Producer Robert C. Cooper was satisfied with "Zero Hour", claiming that Richard Dean Anderson "is fantastic in this episode. It's new-yet-classic O'Neill and fans of the character will be forever pleased with this." When "Zero Hour" first aired on the Sci Fi Channel on July 30, 2004, it achieved a 2.2 Household rating, equaling approximately 3 million viewers. Tied with "Icon", this marked the sixth-highest rating for any Season 8 episode of Stargate SG-1.

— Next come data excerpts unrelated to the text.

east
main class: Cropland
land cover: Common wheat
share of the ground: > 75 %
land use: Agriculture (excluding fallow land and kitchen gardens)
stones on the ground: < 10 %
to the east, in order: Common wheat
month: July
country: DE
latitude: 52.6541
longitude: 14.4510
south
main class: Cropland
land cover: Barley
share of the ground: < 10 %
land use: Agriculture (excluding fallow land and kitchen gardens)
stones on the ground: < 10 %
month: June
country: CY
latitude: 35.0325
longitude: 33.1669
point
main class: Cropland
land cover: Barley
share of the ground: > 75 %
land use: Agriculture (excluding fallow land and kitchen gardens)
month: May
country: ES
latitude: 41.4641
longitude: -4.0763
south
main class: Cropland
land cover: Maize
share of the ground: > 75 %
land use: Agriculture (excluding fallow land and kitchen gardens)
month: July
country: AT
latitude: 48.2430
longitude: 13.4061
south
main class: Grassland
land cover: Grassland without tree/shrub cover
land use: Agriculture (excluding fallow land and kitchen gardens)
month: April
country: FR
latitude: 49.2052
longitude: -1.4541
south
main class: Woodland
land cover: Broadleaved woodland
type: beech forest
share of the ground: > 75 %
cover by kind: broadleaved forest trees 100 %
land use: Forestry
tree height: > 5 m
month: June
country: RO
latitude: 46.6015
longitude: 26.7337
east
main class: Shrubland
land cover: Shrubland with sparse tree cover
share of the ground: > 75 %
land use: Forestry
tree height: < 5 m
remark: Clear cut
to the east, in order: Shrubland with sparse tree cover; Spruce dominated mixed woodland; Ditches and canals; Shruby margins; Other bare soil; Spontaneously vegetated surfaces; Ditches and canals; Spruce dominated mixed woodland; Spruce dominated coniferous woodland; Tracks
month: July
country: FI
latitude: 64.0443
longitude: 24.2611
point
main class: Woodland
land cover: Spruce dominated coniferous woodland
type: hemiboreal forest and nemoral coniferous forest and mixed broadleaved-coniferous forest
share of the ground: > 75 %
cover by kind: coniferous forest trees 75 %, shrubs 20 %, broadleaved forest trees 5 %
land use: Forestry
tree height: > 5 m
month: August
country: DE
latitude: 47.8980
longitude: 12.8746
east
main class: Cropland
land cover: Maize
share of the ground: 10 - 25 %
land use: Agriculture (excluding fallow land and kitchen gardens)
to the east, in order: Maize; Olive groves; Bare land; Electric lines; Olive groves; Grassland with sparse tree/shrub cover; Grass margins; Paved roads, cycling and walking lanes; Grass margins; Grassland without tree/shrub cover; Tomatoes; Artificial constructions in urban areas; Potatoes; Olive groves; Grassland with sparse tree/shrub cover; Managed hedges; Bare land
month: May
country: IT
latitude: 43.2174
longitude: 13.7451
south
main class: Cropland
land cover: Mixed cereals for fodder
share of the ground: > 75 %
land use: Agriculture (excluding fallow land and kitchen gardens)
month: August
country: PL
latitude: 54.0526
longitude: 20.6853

DVD Talk called "Zero Hour" "a playful episode" with a "funny sub-plot involving an alien plant", but recognized the episode's contribution to the overall story arc. TV Zone considered the plant threat "a nice change" but regretted that it was only a red herring for a later plot revelation. Bringing the plants to the SGC at all was regarded irritating, as the "obvious move [to build a secure lab on an uninhabited planet] doesn't make for such good drama." O'Neill acting as the new leader made "the Goa'uld threat [...] a laugh" and "an amazing change from the events from the series' early days" where O'Neill took this race more seriously. The actual zero hour plot concerning the "harassed" O'Neill was considered "a nice touch". Conan O'Brien, who had shown a clip of Pierre Bernard's scene in his late night show before the first airing, congratulated Bernard for doing a good job, and Bernard would be invited back to the Stargate SG-1 set for a scene in the 200th episode of the show.